Lucy Kalanithi: "Suffering is not a special experience, and that's comforting"

The widow of "When Breath Becomes Air" author Paul Kalanithi talks about grief and joy

By Mary Elizabeth Williams
Published November 5, 2016 8:30AM (EDT)
Lucy Kalanithi
Lucy Kalanithi

It must be difficult to be known in professional circles as, among other things, a widow. Yet Lucy Kalanithi, a clinical assistant professor of medicine at Stanford, has embraced that distinction ever since her husband Paul Kalanithi shared the story of his mortality-facing experience of lung cancer in the beautiful memoir "When Breath Becomes Air." It was Lucy who finished the book and has been sharing their story of love and grief and acceptance ever since.

Kalanithi, who earlier this week appeared at the San Francisco Zen Center in a conversation on "Sickness, Old Age, and Death," spoke to Salon via phone recently on love and loss.

I think we're in a very small club of people who know what it's like to write a book while you're running out of time. I had Stage 4 cancer and got in a clinical trial and was pronounced disease free in three months. But then I got my book deal almost simultaneously with one of my best friends finding out that there was nothing more the doctors could do for her. I know that feeling of wanting to get it all down and get it right and honor the memory and tell someone's story.

So I was speaking at an event this weekend and the first question someone asked was "What good experiences and happy memories do you have from that time of your life?" I thought it was an awesome thing to ask because it starts from a place of understanding that there are happy memories.

It's everything at once. And suffering is not a special experience. It's very very personal and very very universal, and that has been comforting to me.

When you can be present for it, there are so many beautiful payoffs. It's not a place you ever want to go, but if you can go, go into it with your eyes open.

It makes you better able to tolerate the actual suffering part, too.

So what has happened for you over this past year of talking about gratitude and acceptance and pain?

There's the personal version and connecting to people over those experiences and conversations.
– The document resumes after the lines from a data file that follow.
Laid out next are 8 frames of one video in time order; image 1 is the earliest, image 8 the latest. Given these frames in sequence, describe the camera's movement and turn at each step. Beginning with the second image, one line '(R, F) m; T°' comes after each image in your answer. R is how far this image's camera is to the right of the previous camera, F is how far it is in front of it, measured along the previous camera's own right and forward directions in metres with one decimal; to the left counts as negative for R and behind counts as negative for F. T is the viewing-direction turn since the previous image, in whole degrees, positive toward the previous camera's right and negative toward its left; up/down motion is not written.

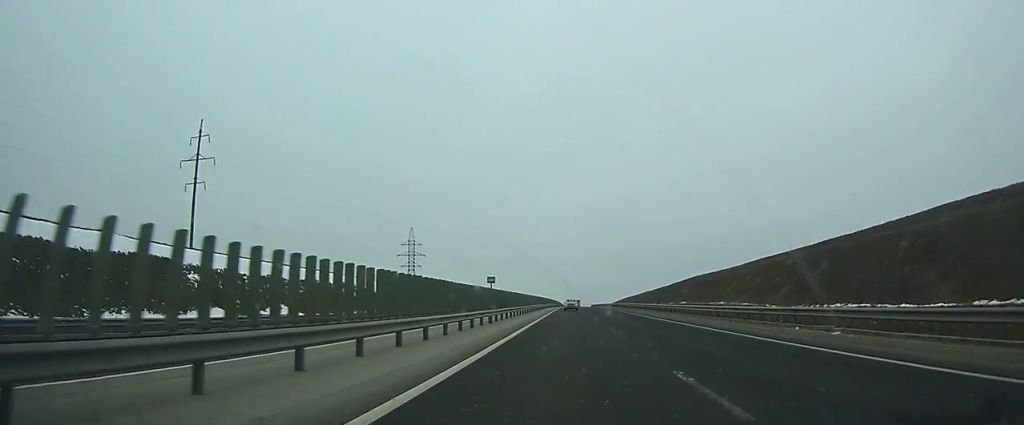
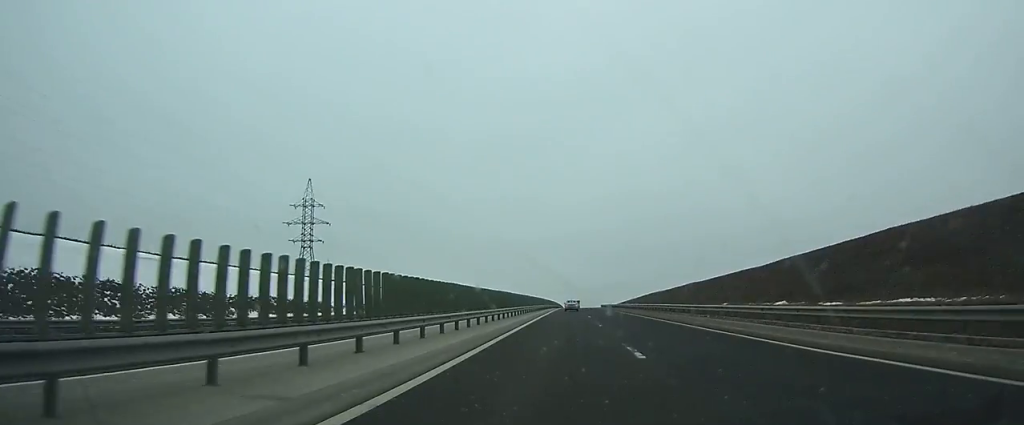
(-0.1, +86.6) m; 0°
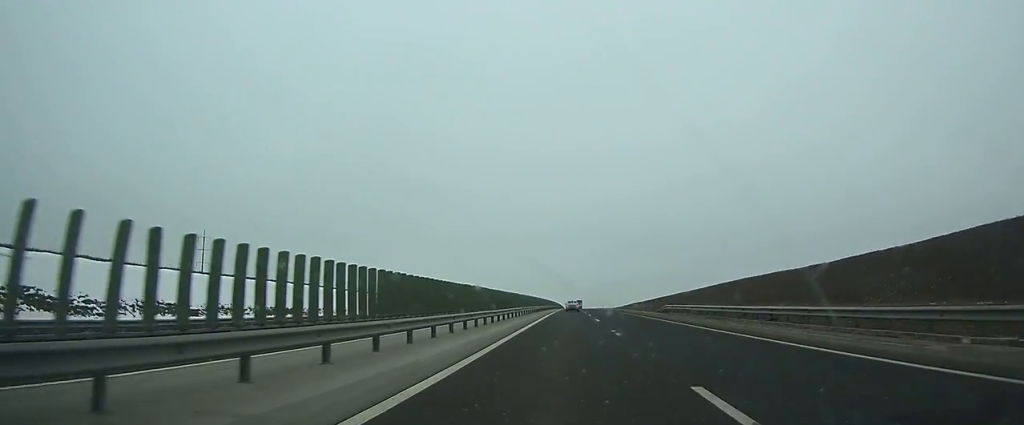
(-0.1, +103.7) m; 0°
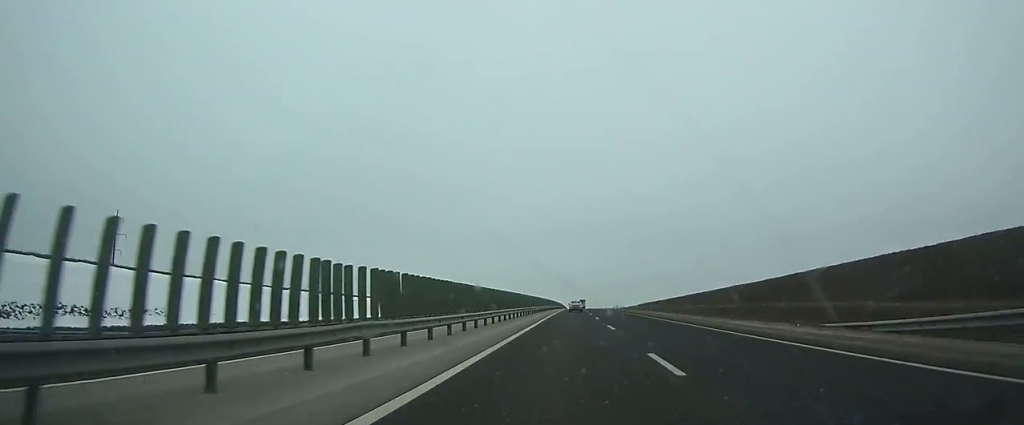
(+0.1, +43.2) m; 0°
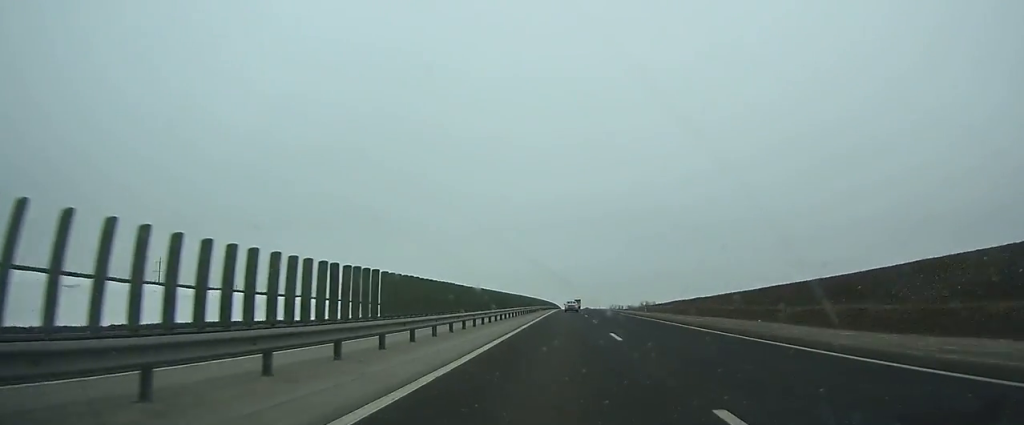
(+0.1, +55.1) m; 0°
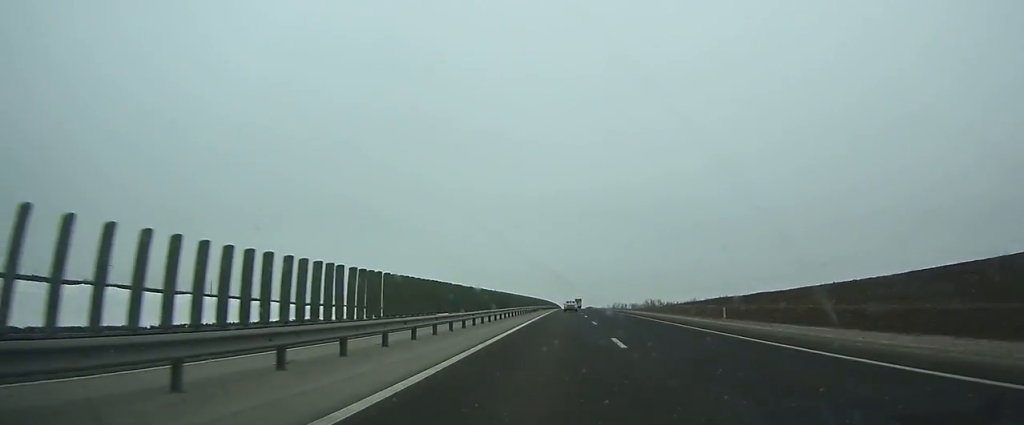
(0.0, +35.6) m; 0°
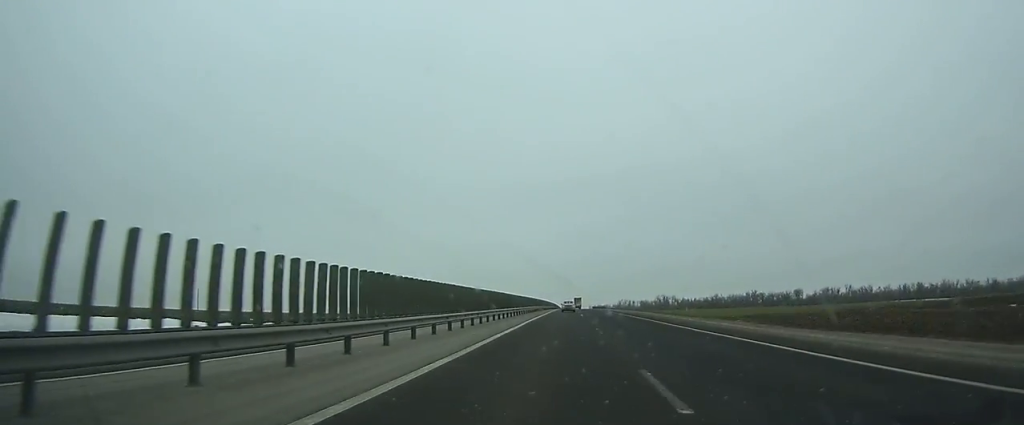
(0.0, +89.8) m; 0°
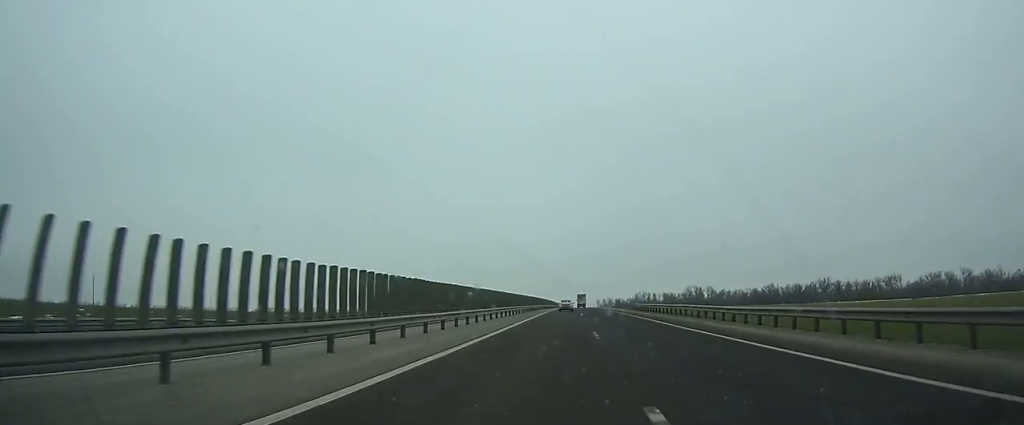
(-0.5, +132.2) m; 0°

That's a really unexpected piece of it. I never thought I would be part of sharing something really personal. Especially as a physician, we're supposed to be perfect and present this sort of unblemished self, within the profession and publicly.

That's changing a little bit. Physicians are starting to talk in a real way about our own experiences. There's not as much this idea of detached concern or paternalism. I think the culture of medicine and health care is changing in really good ways. I almost feel part of that as part of what I'm doing. The same taboos that are outside the hospital are inside the hospital, too. Doctors are just as uncomfortable as anybody with death, if not more. Surprising but true.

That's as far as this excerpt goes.